Das muss jeder mit sich selbst ausmachen.

Anonym hat gesagt…

na das ist ja mal ne hilfreiche antwort. die cd´s und chefs sagen doch am ende ja oder nein? manchmal sogar mit begründungen die sie selbst niemals hören wollen würden...

ich hätte kein problem eine idee anzuwenden die es vielleicht schon in der form gab aber in meinem fall für dieses produkt das allergrößte und noch viel stimmiger wäre.

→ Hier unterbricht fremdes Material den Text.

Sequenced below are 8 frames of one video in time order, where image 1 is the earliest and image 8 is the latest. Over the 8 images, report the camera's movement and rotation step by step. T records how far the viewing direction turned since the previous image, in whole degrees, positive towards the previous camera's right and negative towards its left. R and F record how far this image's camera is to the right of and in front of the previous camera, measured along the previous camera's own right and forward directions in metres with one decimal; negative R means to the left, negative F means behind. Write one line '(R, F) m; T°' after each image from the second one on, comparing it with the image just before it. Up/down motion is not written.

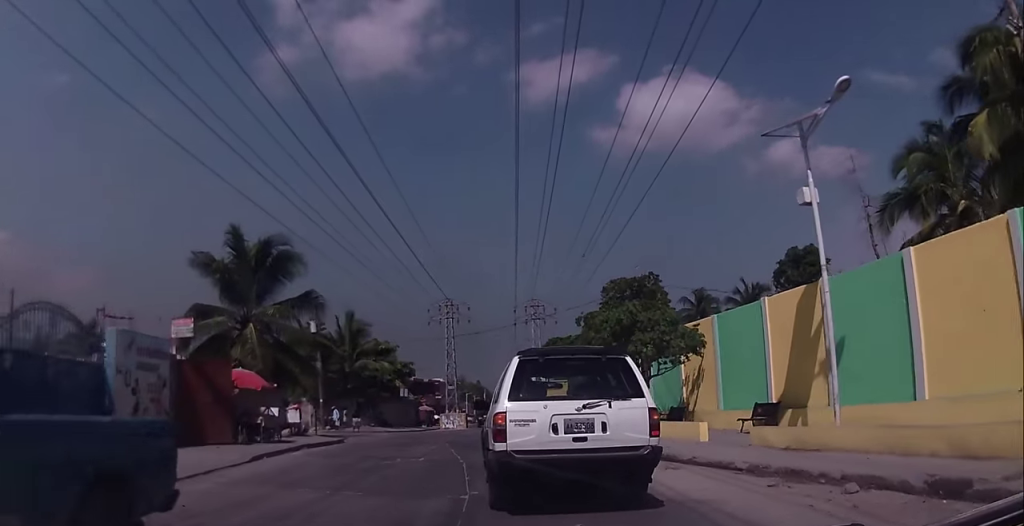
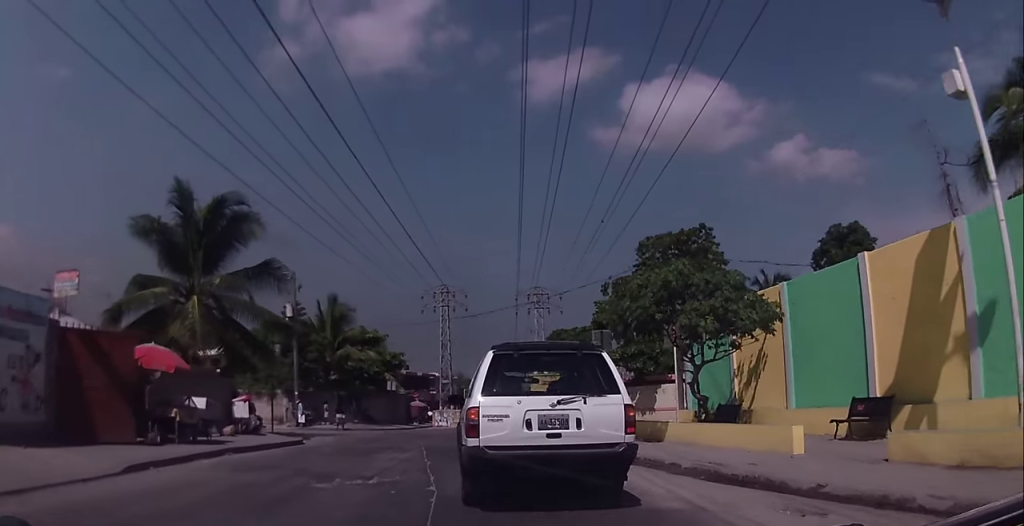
(+0.4, +5.8) m; 0°
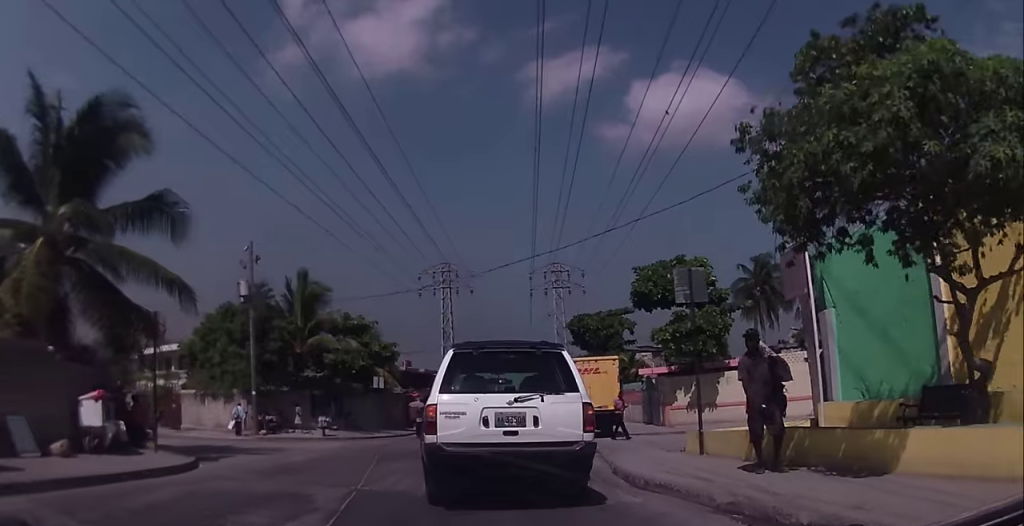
(-0.7, +9.5) m; -5°
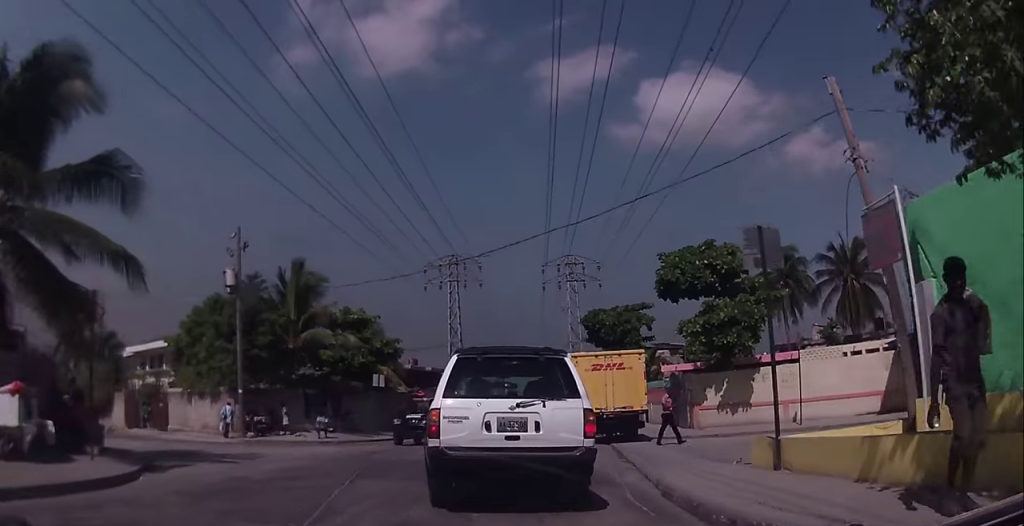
(0.0, +3.1) m; 0°
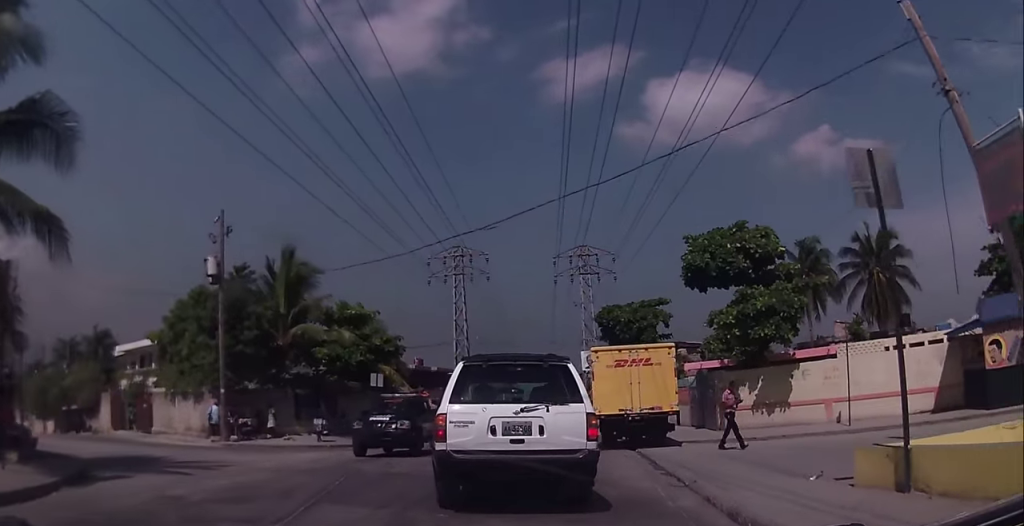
(0.0, +3.1) m; 0°
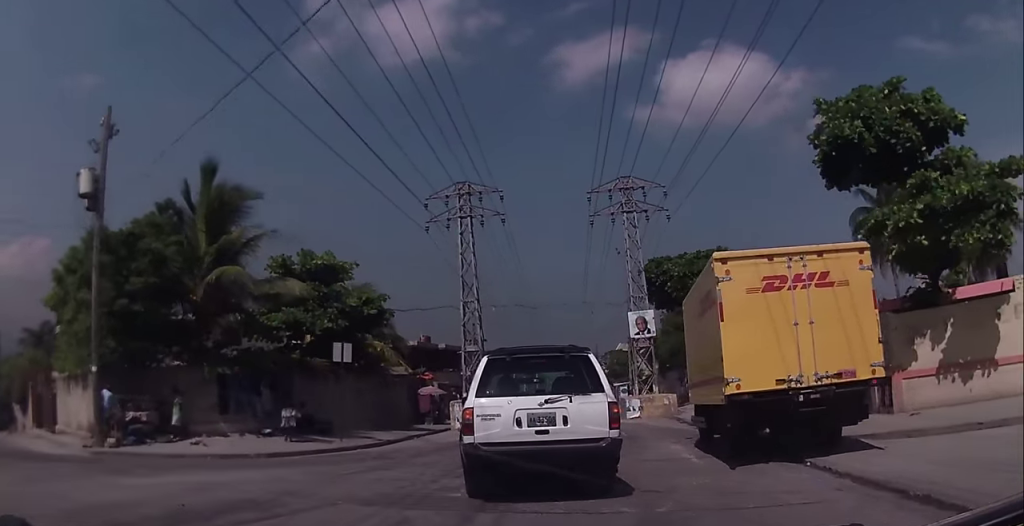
(0.0, +10.4) m; 0°
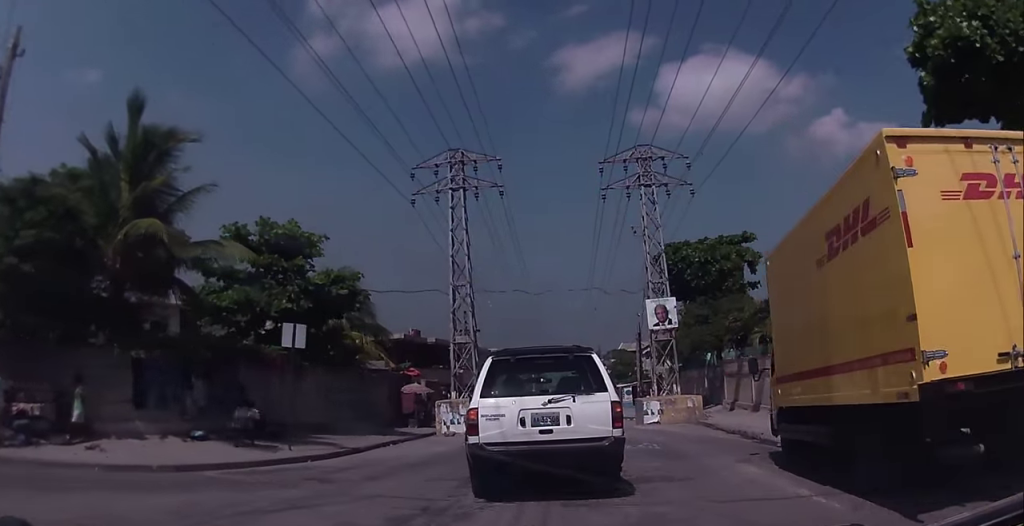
(0.0, +4.7) m; 0°
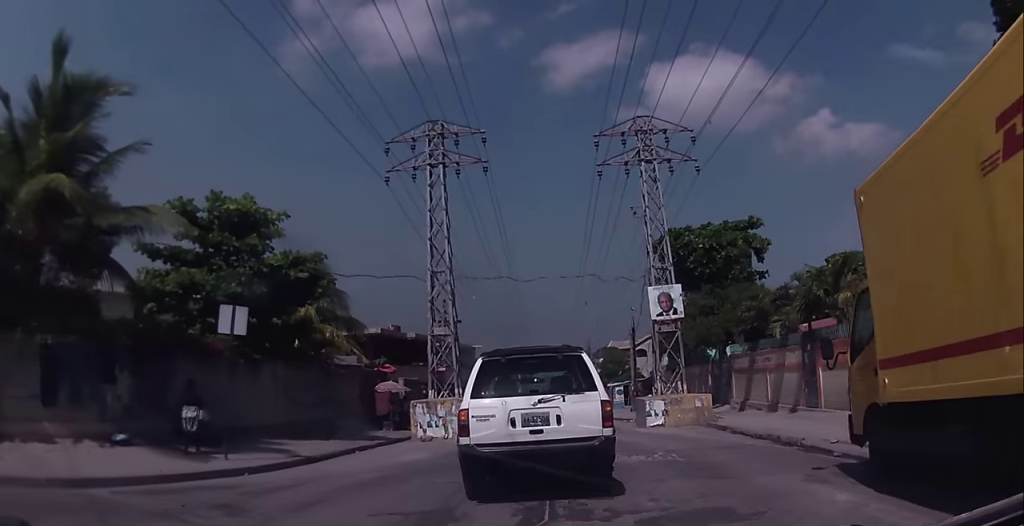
(0.0, +3.1) m; 0°

denn wenn wir schon fakes nicht ernst nehmen sollen, müssen wir auch die ideen vergessen die da drauf gehen. alles oder nichts. aber da fehlt auch die konsequenz.

Brett hat gesagt…

Es ist sicherlich der verkehrte Ansatz, Werbung als innovativ zu definieren anlog zu Forschung und Entwicklung in den wissenschaftlichen Labors. Ich halte das für ein Missverständnis. Werbung ist zu allererst ein ästehtisches Spiel und da mehr der Mode verwandt und meinetwegen auch der Kunst als der Wissenschaft. Das ganz Neue ist da oft nur etwas Altes, das sich auf eine magische Weise verjüngt hat. (Wie oft wurden in der Kunst die gleichen Motive gemalt, immer wieder neu?) Es geht um Aktualität. Und da gibt es eben Werbung, die im Moment ihres Erscheinens schon oll und faszinationslos erscheint. Und andere Werbung wirkt brennend zeitgemäß und die Leute sagen, gefällt mir, darf auf meinem TV laufen. Das hat viel mit neuer Sprache, neuen Farben, neuen Formen usw. zu tun. Und wie die Mode sieht es manchmal ganz neu aus, wenn man einfach mal das herauskramt, was vor 30 oder 40 Jahren up-to-date war. Neu kombiniert, aufreißt, erweitert oder verkürzt. Alles ein Spiel. Und das kann immer wieder Spaß machen.